«Ecco perché non vale la condanna del Genoa»

(...) E in un momento in cui proprio l’uso improprio delle intercettazioni è al centro del dibattito politico, le parole della Cassazione finiscono per assumere un peso ancor più determinante. Il concetto ribadito più volte è quello secondo cui i magistrati non possono usare liberamente dialoghi telefonici o conversazioni «rubate» con microspie, per andare a caccia di qualsiasi reato, passando il materiale raccolto da un’indagine all’altra.

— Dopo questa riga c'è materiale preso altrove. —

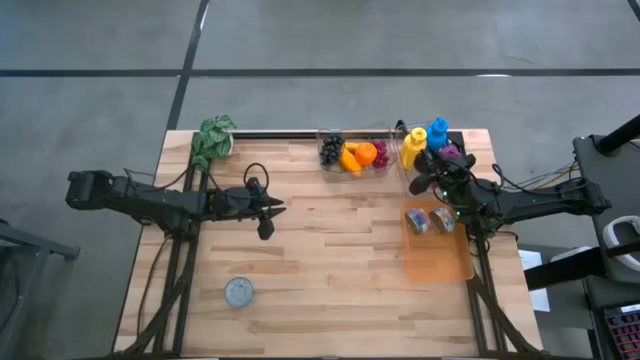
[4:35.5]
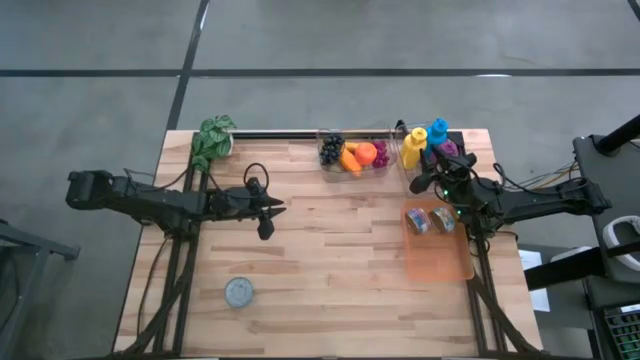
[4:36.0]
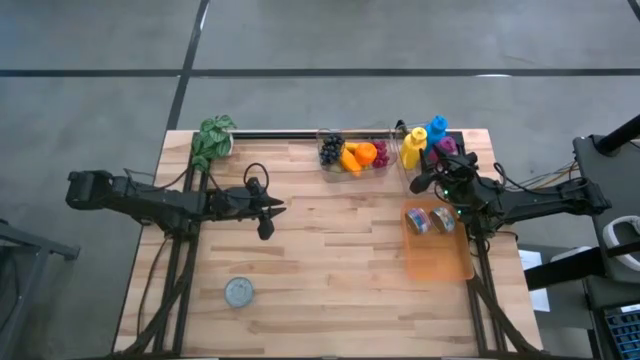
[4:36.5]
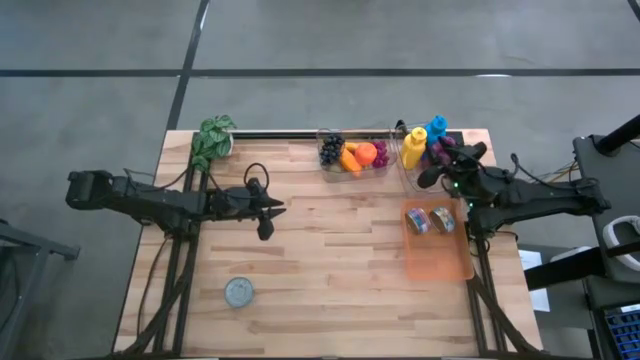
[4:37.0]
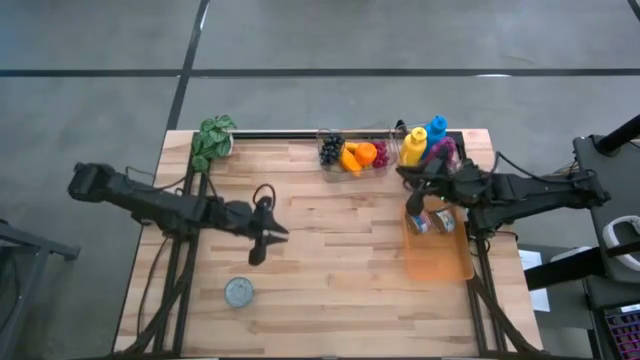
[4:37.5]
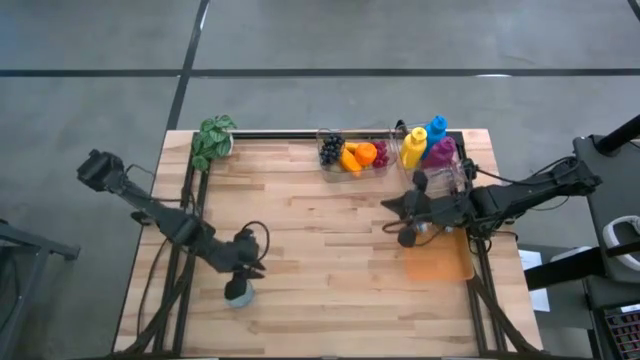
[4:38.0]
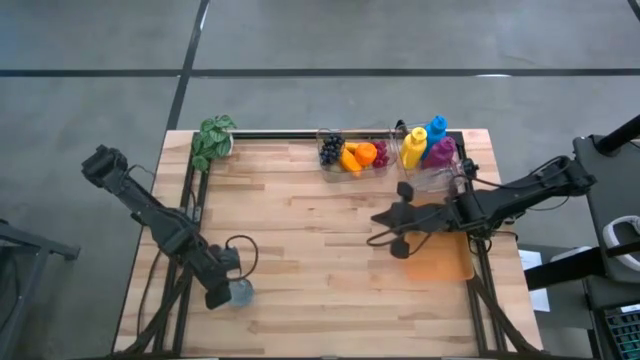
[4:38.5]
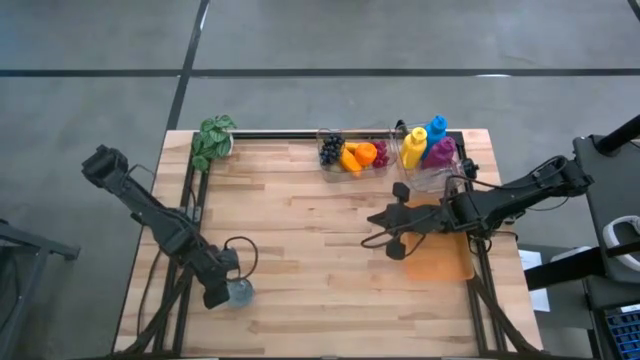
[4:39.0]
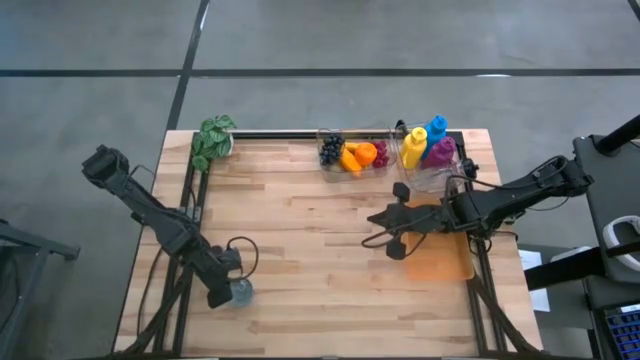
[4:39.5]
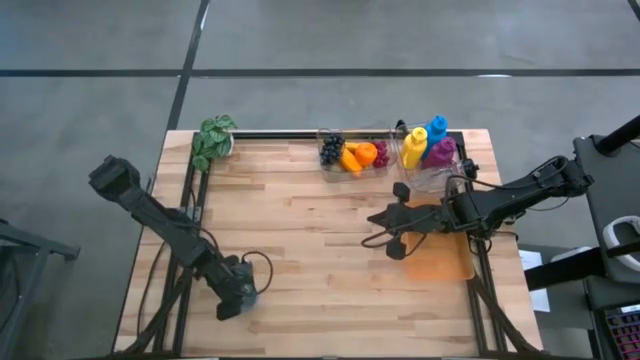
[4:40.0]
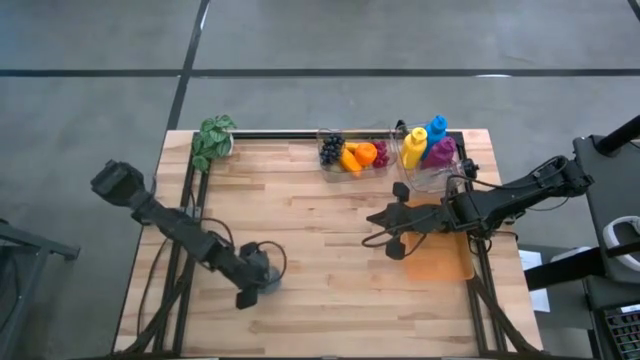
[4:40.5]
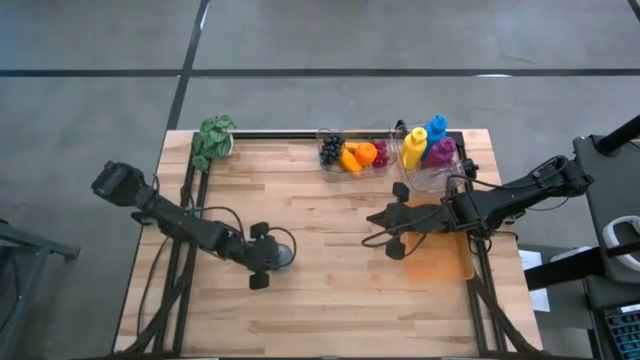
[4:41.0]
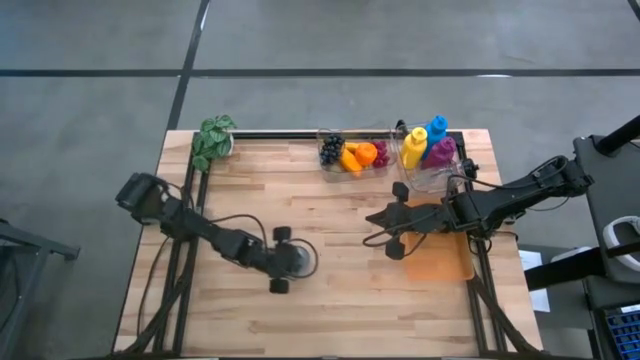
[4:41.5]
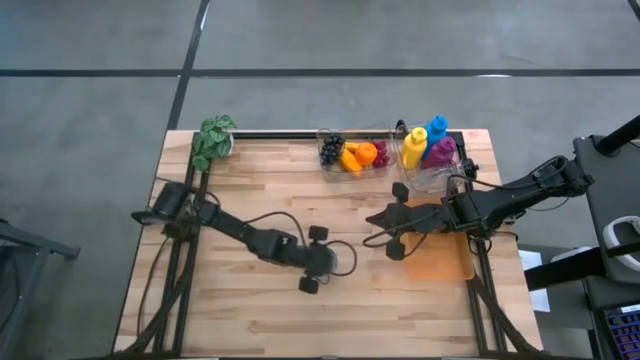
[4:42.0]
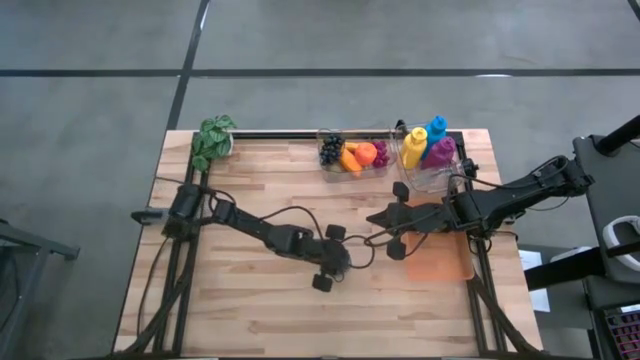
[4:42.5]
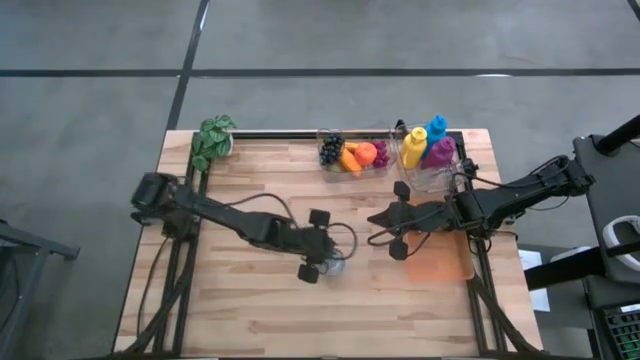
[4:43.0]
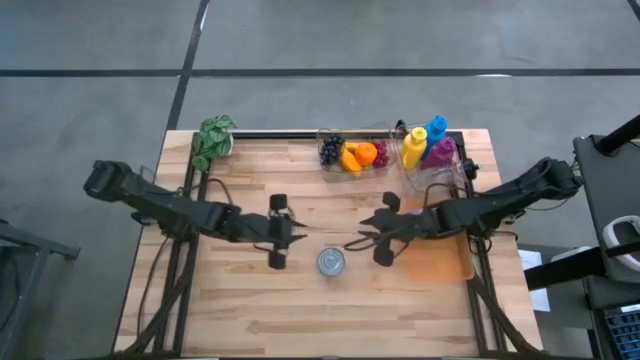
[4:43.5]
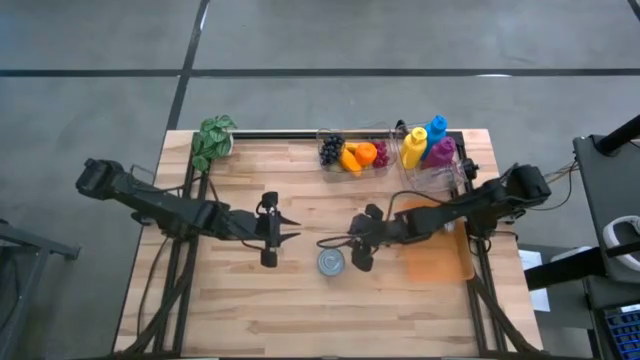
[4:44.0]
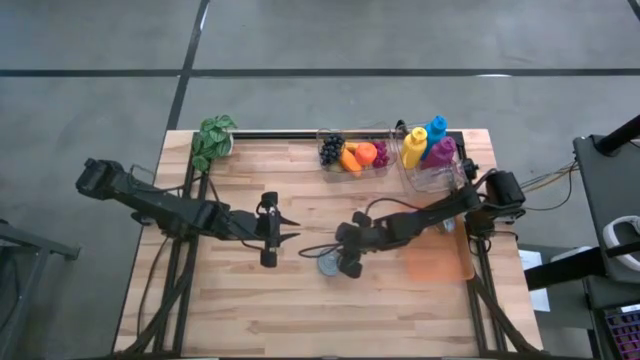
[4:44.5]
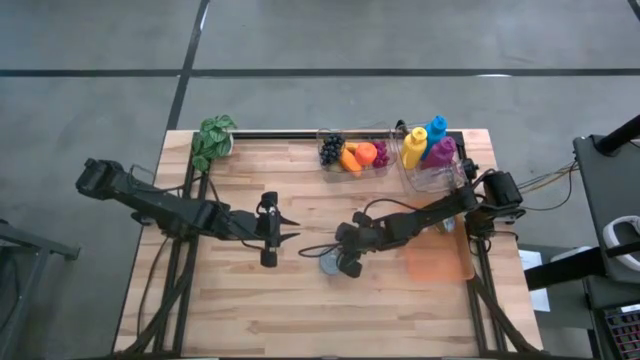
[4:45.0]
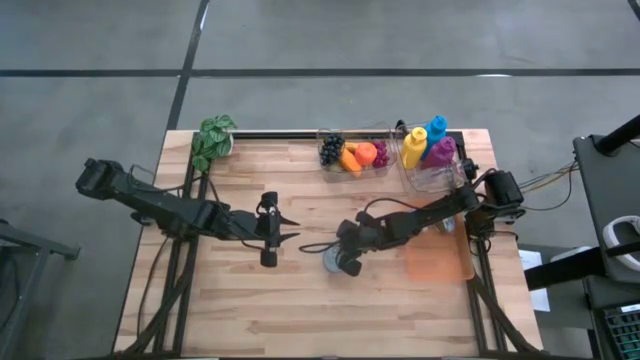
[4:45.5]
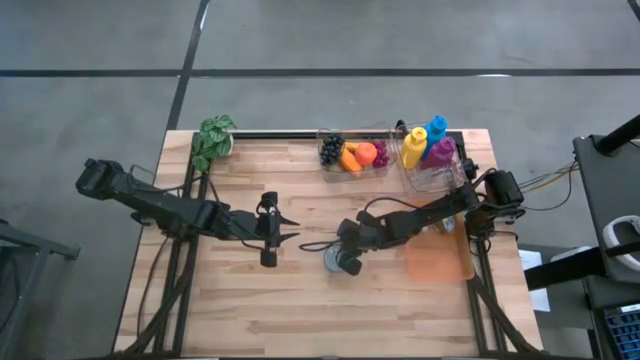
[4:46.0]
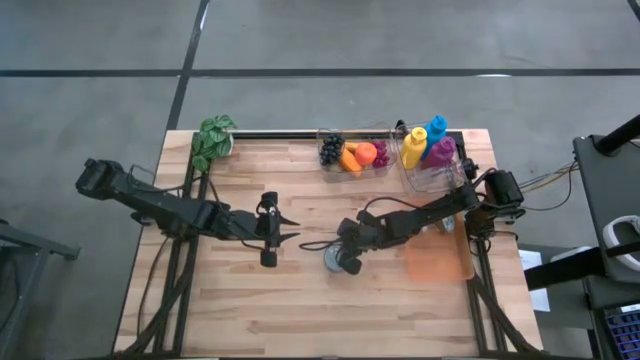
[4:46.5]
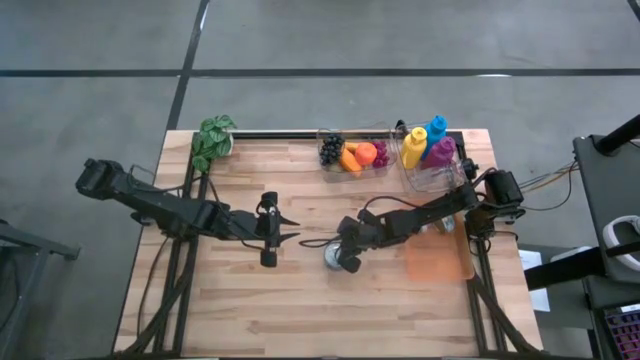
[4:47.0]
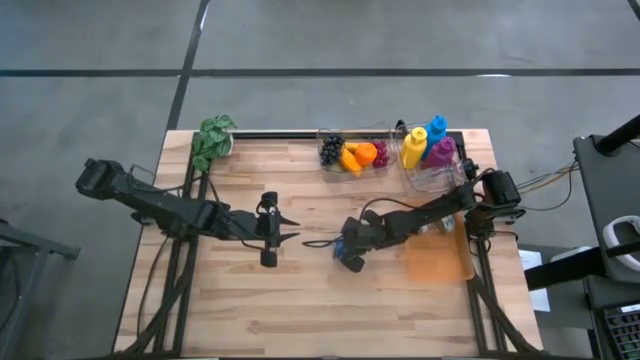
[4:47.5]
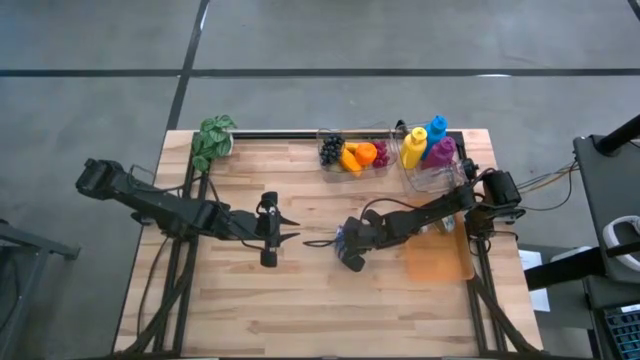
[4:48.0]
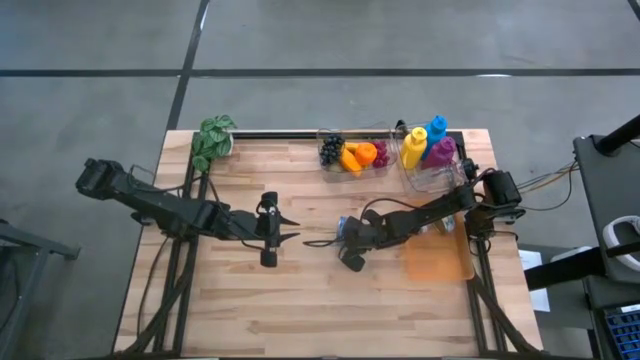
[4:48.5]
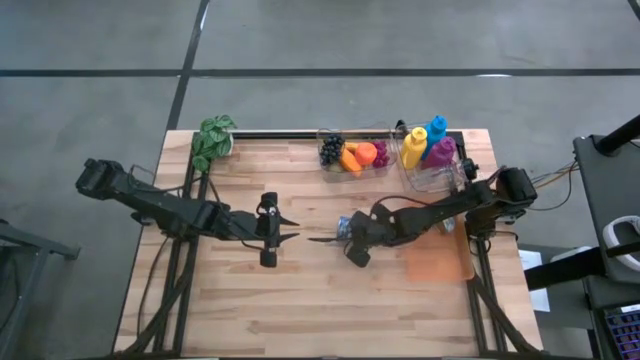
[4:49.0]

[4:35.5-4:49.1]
Task: Pick & Place Food Item
Put the blue tuna can into the orange bin

In effetti gli avvocati Maurizio Mascia e Andrea Vernazza che difendono Preziosi avevano in tutte le sedi fatto notare che le intercettazioni erano state disposte per i reati di associazione per delinquere che poi, per stessa ammissione del gip che le aveva autorizzate, erano inesistenti. Ma sia in primo, sia in secondo grado i giudici avevano tirato dritto, citando sentenze della stessa Cassazione, secondo cui il diritto alla privacy sancito dalla Costituzione poteva essere superato di fronte a qualsiasi reato. E qui arriva la «lezione» della Cassazione. «Se il legislatore ha ritenuto che l’inviolabilità della segretezza e della libertà delle comunicazioni debba incontrare un limite nell’esigenza di reprimere la commissione di reati di particolare gravità - scrive la Corte - è evidente che tale limite non può essere modificato mediante la utilizzazione in sede processuale delle risultanze di intercettazioni al fine di accertare reati per i quali tale mezzo di indagine non è consentito, anche se originariamente disposto per l’accertamento di una diversa fattispecie criminosa, rivelatasi inesistente». La legge è chiara e i magistrati non possono interpretarla.

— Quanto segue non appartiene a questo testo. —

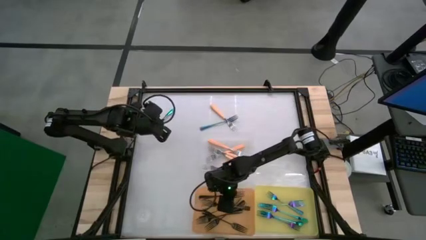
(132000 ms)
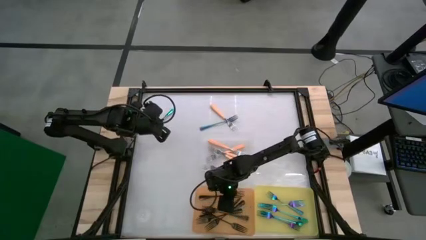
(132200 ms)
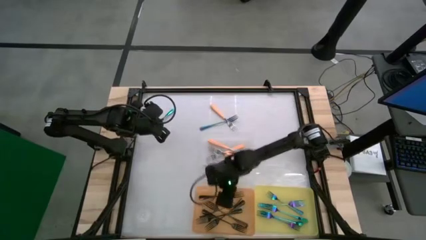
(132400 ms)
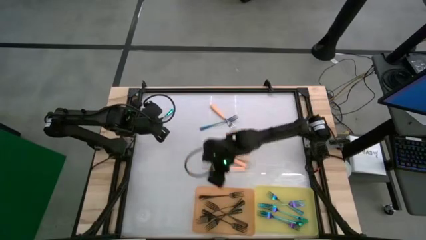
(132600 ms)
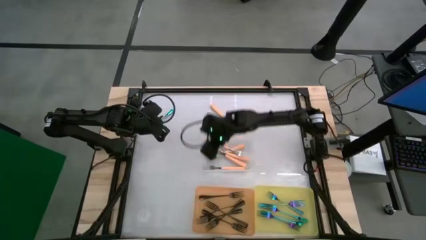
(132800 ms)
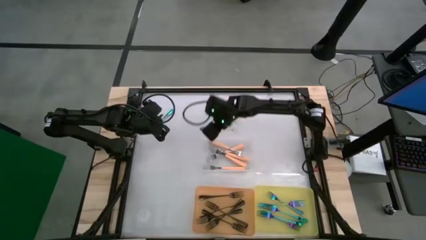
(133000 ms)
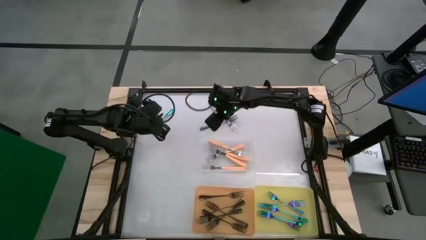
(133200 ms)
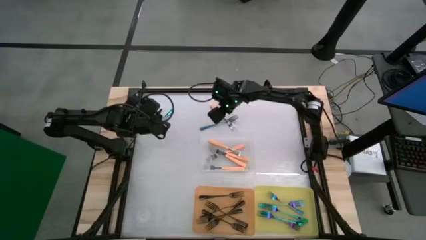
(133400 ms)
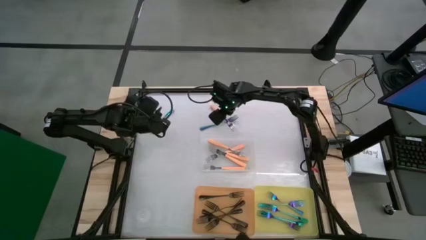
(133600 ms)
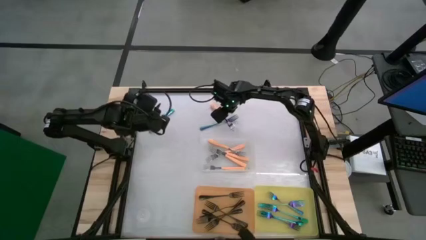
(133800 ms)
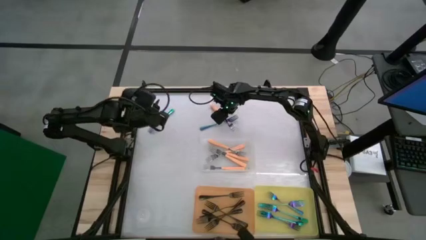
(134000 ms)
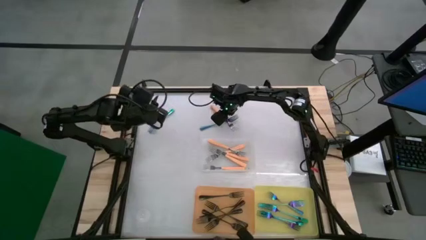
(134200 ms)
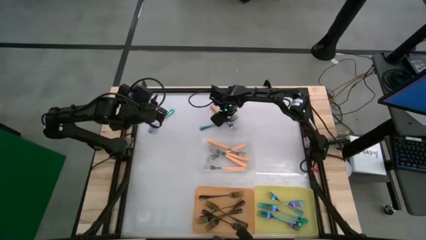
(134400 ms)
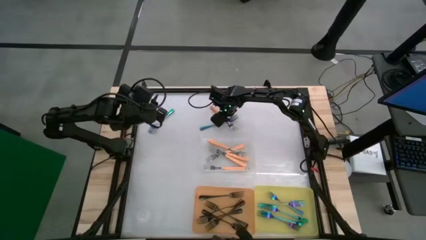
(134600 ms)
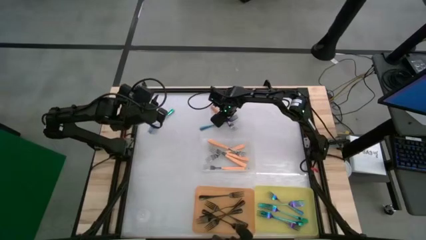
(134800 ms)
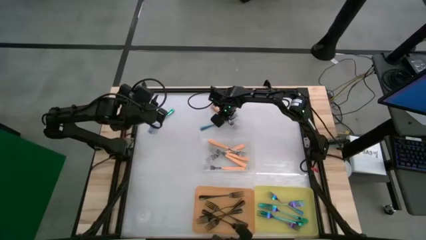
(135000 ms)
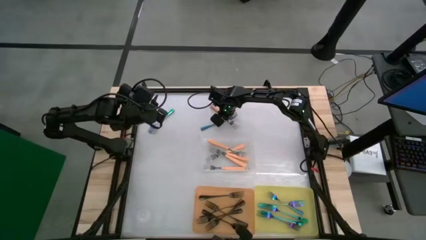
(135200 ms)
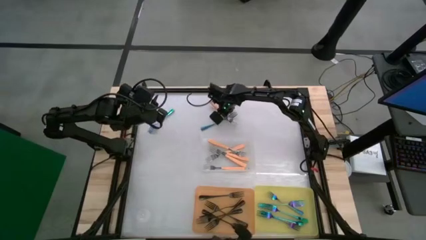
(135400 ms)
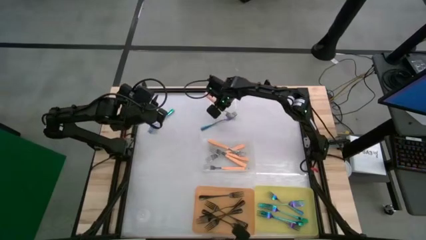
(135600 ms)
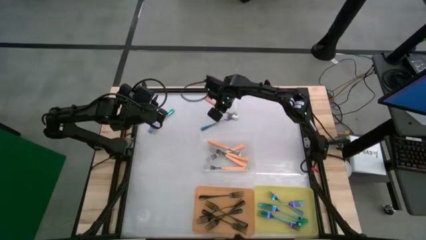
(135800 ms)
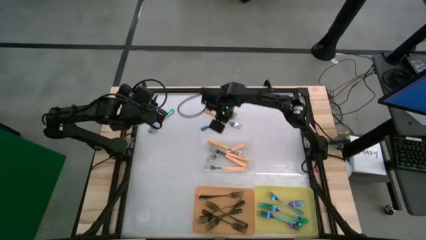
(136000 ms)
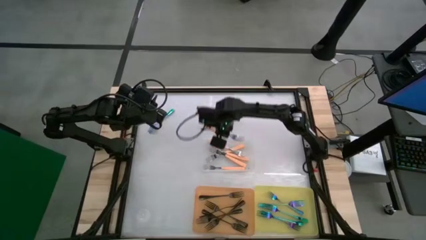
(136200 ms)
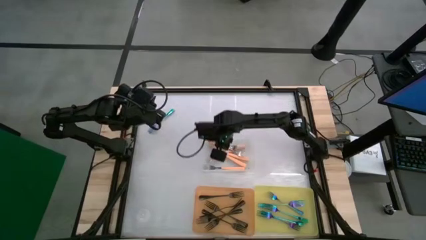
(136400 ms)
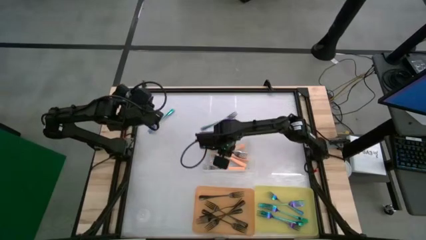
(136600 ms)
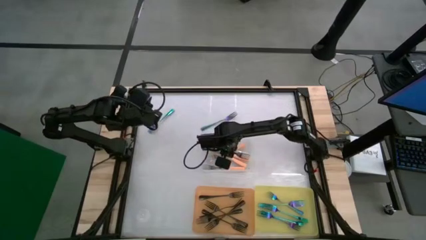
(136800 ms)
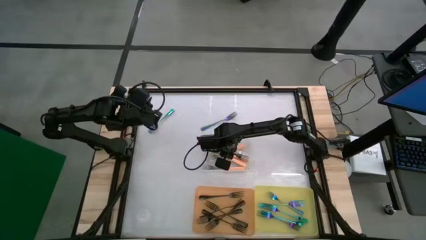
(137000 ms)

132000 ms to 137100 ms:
Task: Sort silverware by color (type)
Put the orange fork into the transparent bin

Anche perché, e qui sta l’altro passaggio forte della sentenza che va oltre il caso-Genoa, le intercettazioni non possono essere usate per mettere alla berlina gli intercettati. Prima di usarle in un processo occorre pensarci bene perché, scrive la Cassazione «va anche osservato che proprio attraverso l’utilizzazione processuale, il contenuto delle conversazioni telefoniche o ambientali diviene, o dovrebbe divenire, di pubblico dominio». Già «dovrebbe», perché in realtà ormai quando si arriva a processo le intercettazioni sono già note a tutti. Quindi le intercettazioni di Genoa-Venezia dovevano essere inutilizzabili fin dall’inizio. Prima ancora di essere mandate alla procura federale. E questo lo stabilisce chiaramente la legge che nel caso è stata scavalcata. La stessa Cassazione, nella sentenza con cui accoglie il ricorso di Mascia e Vernazza, spiega chiaramente che non serve neppure considerare le altre eccezioni sollevate dagli avvocati, perché alla base di tutto ci stanno le intercettazioni che non potevano essere usate: «L’accoglimento del secondo mezzo di annullamento (le intercettazioni appunto, ndr) si palesa assorbente delle ulteriori eccezioni di nullità e dei successivi mezzi di annullamento sul punto della responsabilità penale degli imputati». I giudici dovranno rifare tutto daccapo e se vogliono dimostrare la colpevolezza di Preziosi, dovranno farlo «alla luce delle risultanze processuali diverse da quelle dichiarate inutilizzabili».

Persino i 250mila euro sequestrati, scrive la Cassazione, vengono dopo. I due processi, sportivo e penale, senza intercettazioni probabilmente non ci sarebbero neppure stati. Cosa è costato l’errore dei magistrati è noto a tutti.